In 2018, after nearly 23 days in Antartica waters, our ship, like the Octantis, had not managed to land anybody on the continent itself, and, although we had landed on a number of islands, grumbling was afoot, and the ship’s officers had begun sweating. One potential landing site after another on the Antartica continent kept becoming unavailable because of weather. As the end of that voyage approached, all passengers had to show for their trip was “interaction with lots of penguins on lots of crummy island,” as one passenger put it.

But! Finally! In 2018 it was Neko Harbour to the rescue! … in 2018 off we all went, tromping around for a while on the Antartica continent’s ice and snow — and that was that.
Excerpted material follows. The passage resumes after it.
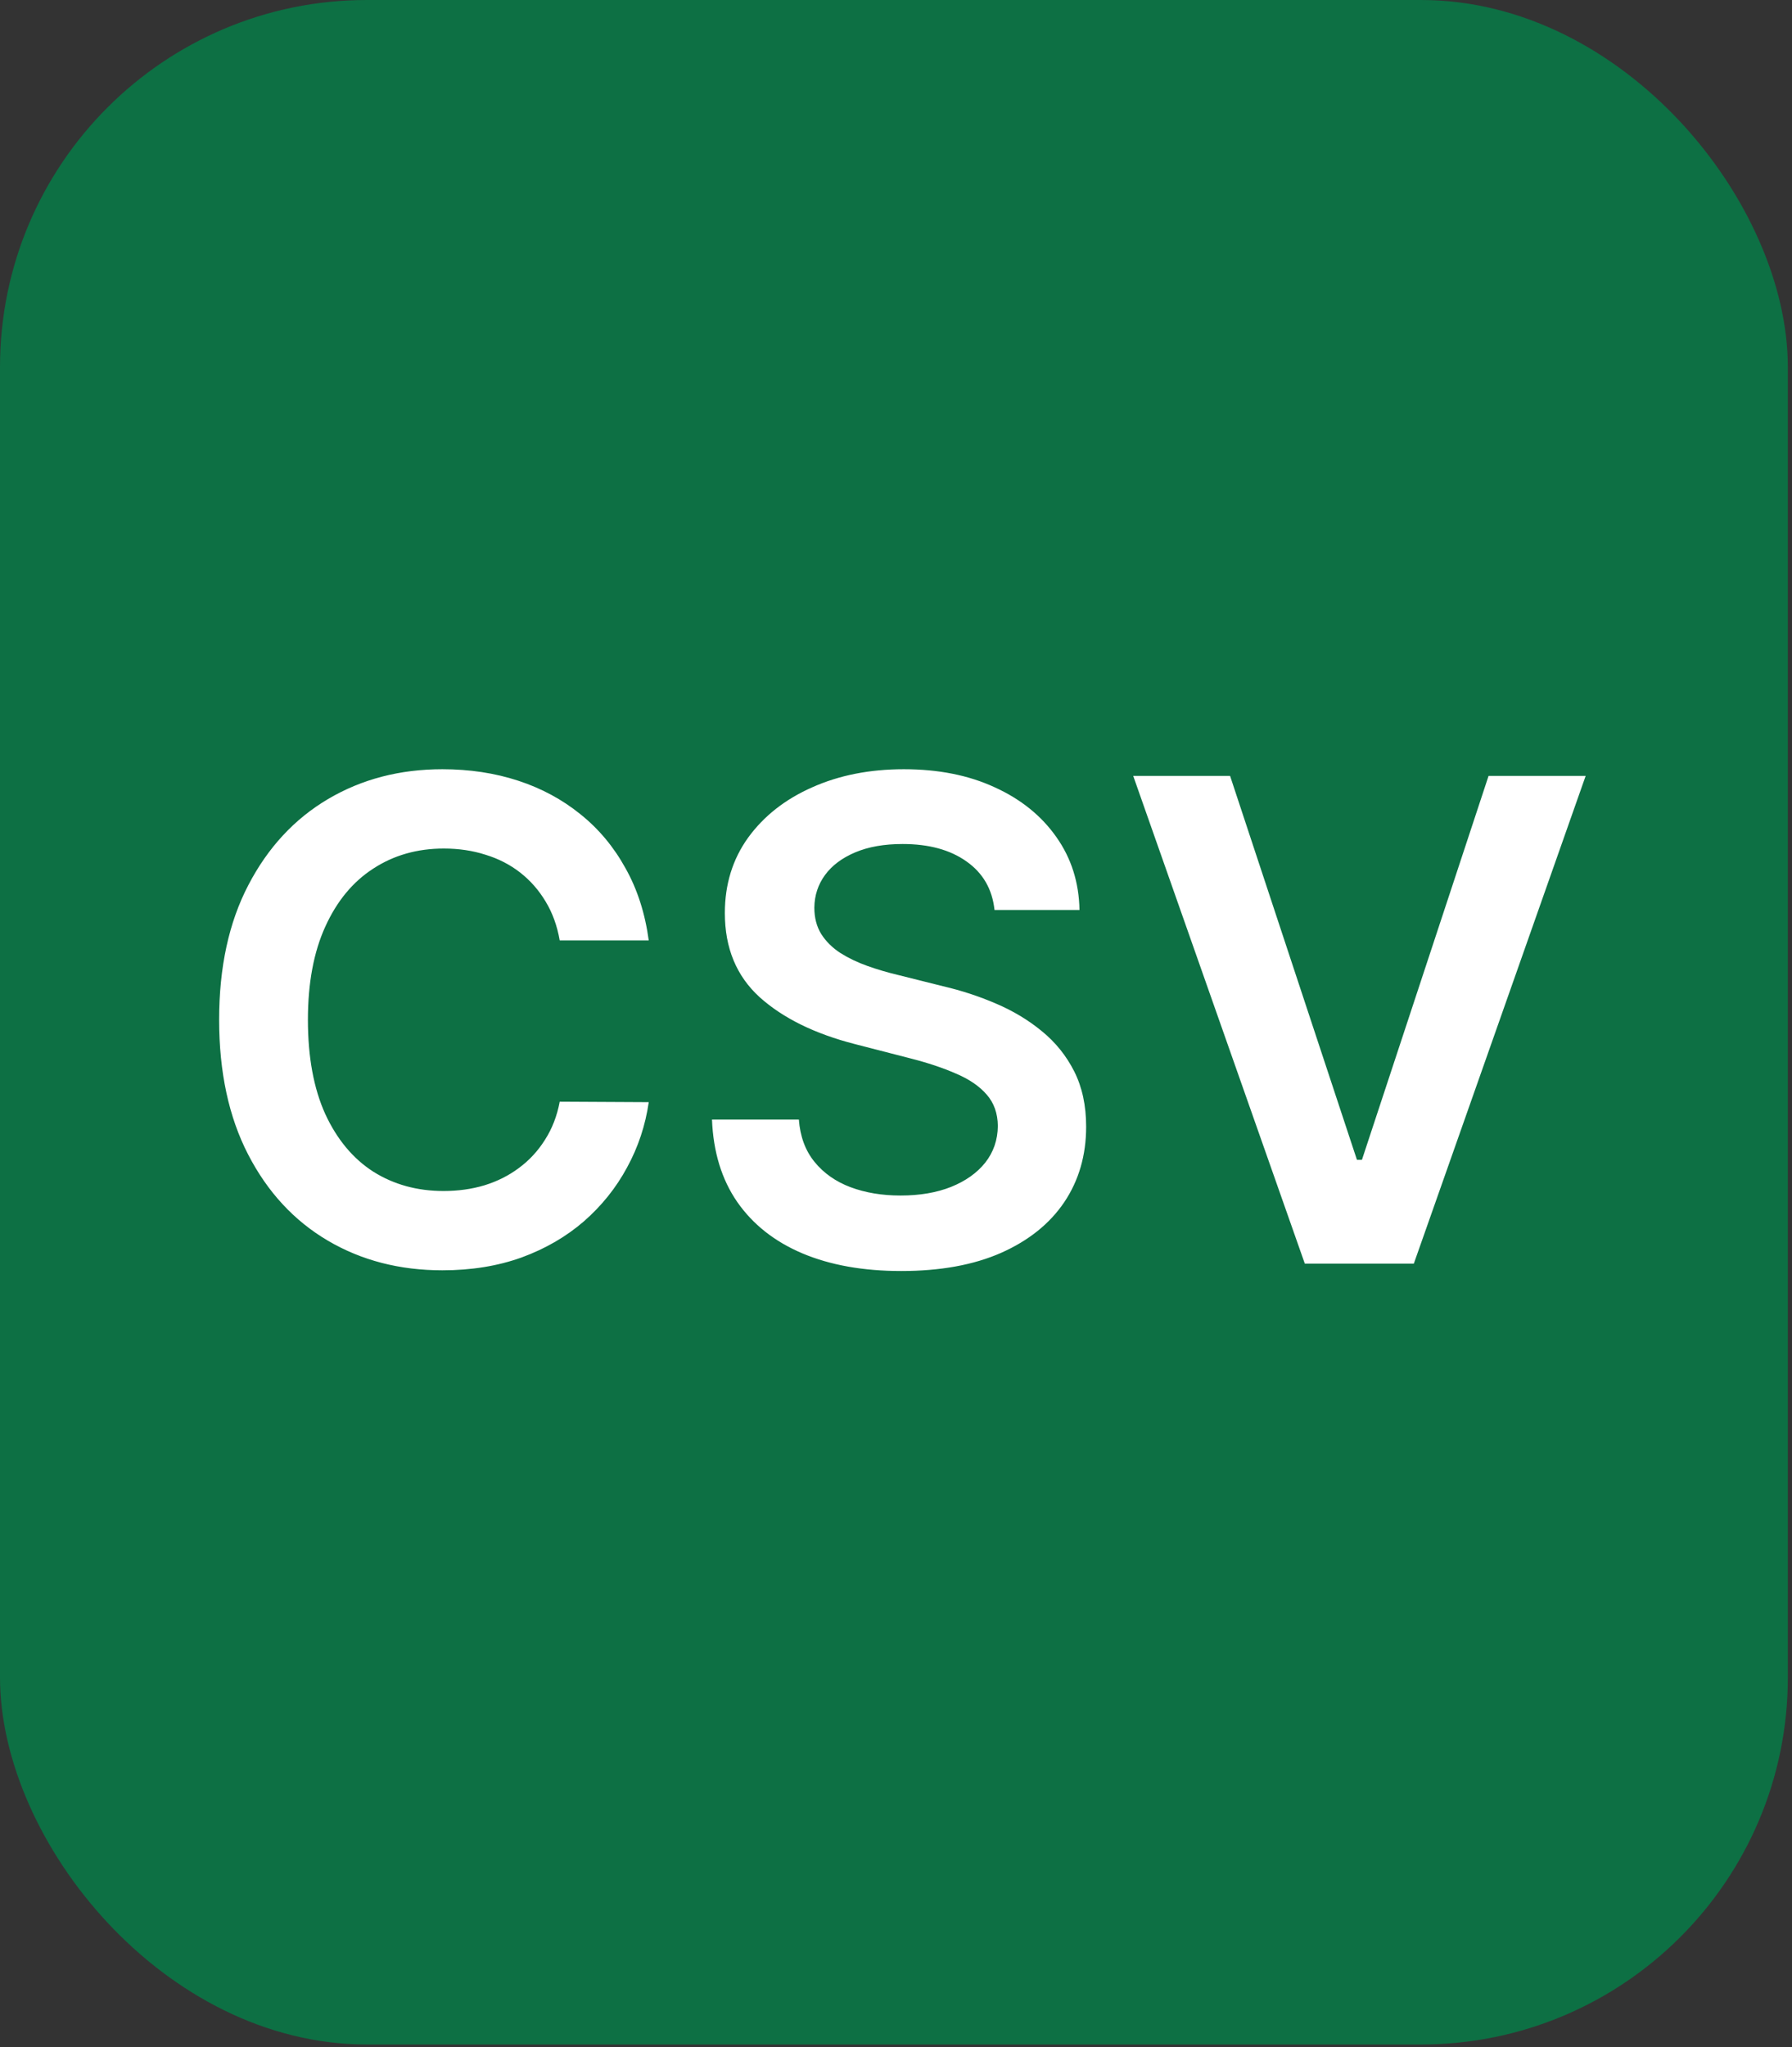 <svg width="254" height="290" viewBox="0 0 254 290" fill="none" xmlns="http://www.w3.org/2000/svg">
<rect x="0" y="0" width="254" height="290" fill="#333333" stroke="none"/>
<rect width="253.411" height="289.613" rx="52" fill="#0D7044"/>
<path d="M91.954 133.221H79.336C78.976 131.151 78.313 129.318 77.346 127.722C76.379 126.102 75.175 124.73 73.736 123.606C72.297 122.481 70.655 121.638 68.811 121.076C66.989 120.491 65.021 120.199 62.907 120.199C59.151 120.199 55.822 121.143 52.921 123.032C50.02 124.899 47.748 127.643 46.106 131.264C44.465 134.862 43.644 139.259 43.644 144.455C43.644 149.74 44.465 154.193 46.106 157.814C47.771 161.412 50.042 164.134 52.921 165.978C55.822 167.8 59.14 168.711 62.873 168.711C64.942 168.711 66.876 168.441 68.676 167.901C70.498 167.339 72.128 166.518 73.567 165.438C75.029 164.359 76.255 163.032 77.245 161.457C78.257 159.883 78.954 158.084 79.336 156.06L91.954 156.127C91.481 159.411 90.458 162.492 88.883 165.371C87.332 168.25 85.296 170.791 82.777 172.995C80.258 175.177 77.312 176.886 73.939 178.123C70.565 179.337 66.82 179.945 62.705 179.945C56.632 179.945 51.212 178.539 46.444 175.728C41.676 172.916 37.92 168.857 35.176 163.549C32.432 158.241 31.06 151.876 31.06 144.455C31.06 137.01 32.444 130.645 35.21 125.36C37.976 120.052 41.743 115.993 46.511 113.181C51.279 110.37 56.677 108.964 62.705 108.964C66.55 108.964 70.126 109.504 73.433 110.584C76.739 111.663 79.685 113.249 82.271 115.341C84.858 117.41 86.983 119.951 88.647 122.965C90.334 125.956 91.436 129.375 91.954 133.221ZM140.963 128.902C140.648 125.956 139.321 123.662 136.982 122.02C134.666 120.378 131.652 119.558 127.941 119.558C125.332 119.558 123.094 119.951 121.228 120.738C119.361 121.525 117.933 122.594 116.943 123.943C115.954 125.293 115.448 126.833 115.425 128.565C115.425 130.004 115.751 131.253 116.403 132.31C117.078 133.367 117.989 134.266 119.136 135.009C120.283 135.728 121.554 136.335 122.948 136.83C124.343 137.325 125.748 137.741 127.165 138.078L133.642 139.698C136.251 140.305 138.759 141.126 141.166 142.161C143.595 143.195 145.765 144.5 147.677 146.074C149.611 147.648 151.14 149.549 152.265 151.775C153.389 154.002 153.951 156.611 153.951 159.602C153.951 163.65 152.917 167.215 150.848 170.296C148.779 173.355 145.787 175.75 141.874 177.482C137.983 179.191 133.271 180.046 127.739 180.046C122.363 180.046 117.697 179.214 113.738 177.549C109.803 175.885 106.721 173.456 104.495 170.262C102.291 167.069 101.099 163.178 100.919 158.59H113.232C113.412 160.996 114.154 162.998 115.459 164.595C116.763 166.192 118.461 167.384 120.553 168.171C122.667 168.958 125.029 169.352 127.638 169.352C130.359 169.352 132.743 168.947 134.79 168.137C136.859 167.305 138.478 166.158 139.647 164.696C140.817 163.212 141.413 161.48 141.435 159.501C141.413 157.701 140.884 156.217 139.85 155.048C138.815 153.856 137.365 152.866 135.498 152.079C133.654 151.269 131.495 150.549 129.021 149.92L121.16 147.896C115.47 146.434 110.972 144.218 107.666 141.25C104.382 138.258 102.741 134.289 102.741 129.341C102.741 125.27 103.843 121.705 106.047 118.647C108.273 115.588 111.298 113.215 115.122 111.528C118.945 109.819 123.274 108.964 128.11 108.964C133.013 108.964 137.308 109.819 140.997 111.528C144.708 113.215 147.62 115.565 149.734 118.579C151.849 121.57 152.939 125.011 153.007 128.902H140.963ZM174.353 109.909L192.334 164.291H193.043L210.99 109.909H224.754L200.397 179H184.946L160.623 109.909H174.353Z" fill="white"/>
</svg>

Everybody went home able to say, not merely that they had “been” to Antartica, but that they had “walked around on the Antartica continent itself, and not some dinky island or two”.

For most, us included, it meant they had visited all seven of the Earth’s continents. I guess it’s sort of a big deal now that I think about it.

NEKO HARBOUR

Dawn, March 10, Neko Harbour on the Antarctic continent. The snow and choppy seas had settled during the night so it was: All shore wishing to go ashore! … Carol Anne went. I didn’t bother.

The penguins had taken their young and gone back to sea, and since I had landed at Neko Harbour in 2018, I considered myself an Old Antartica Sea Salt. I was savoring the idea of an empty ship and sniffing those freshly baked cookies over by that comfortable chair across from the coffee machine on Deck 5’s World Cafe.

Neko Harbour is in the Red Box at the Tip of the black arrow. The line two thirds down the image is the Antarctic Circle.

A lone zodiac heads toward Neko Harbour. This is the first step in preparing for a landing. The preparatory landing procedure is always the same: The ship stops, stabilizes using GPS and one zodiac with several crew members is sent to shore to scout a landing location, and to land provisions and tents for a 72 hour survival. These provisions assure that should passengers be stranded on shore by a sudden change in weather, they will have a chance to survive. Some years ago an Antarctic party was trapped on shore by a sudden change in weather. They all perished.

Two more zodiacs head to Neko Harbour. Other passengers are already on shore and two of them can be seen climbing the hill on a path cut by penguins in the middle right of the photograph.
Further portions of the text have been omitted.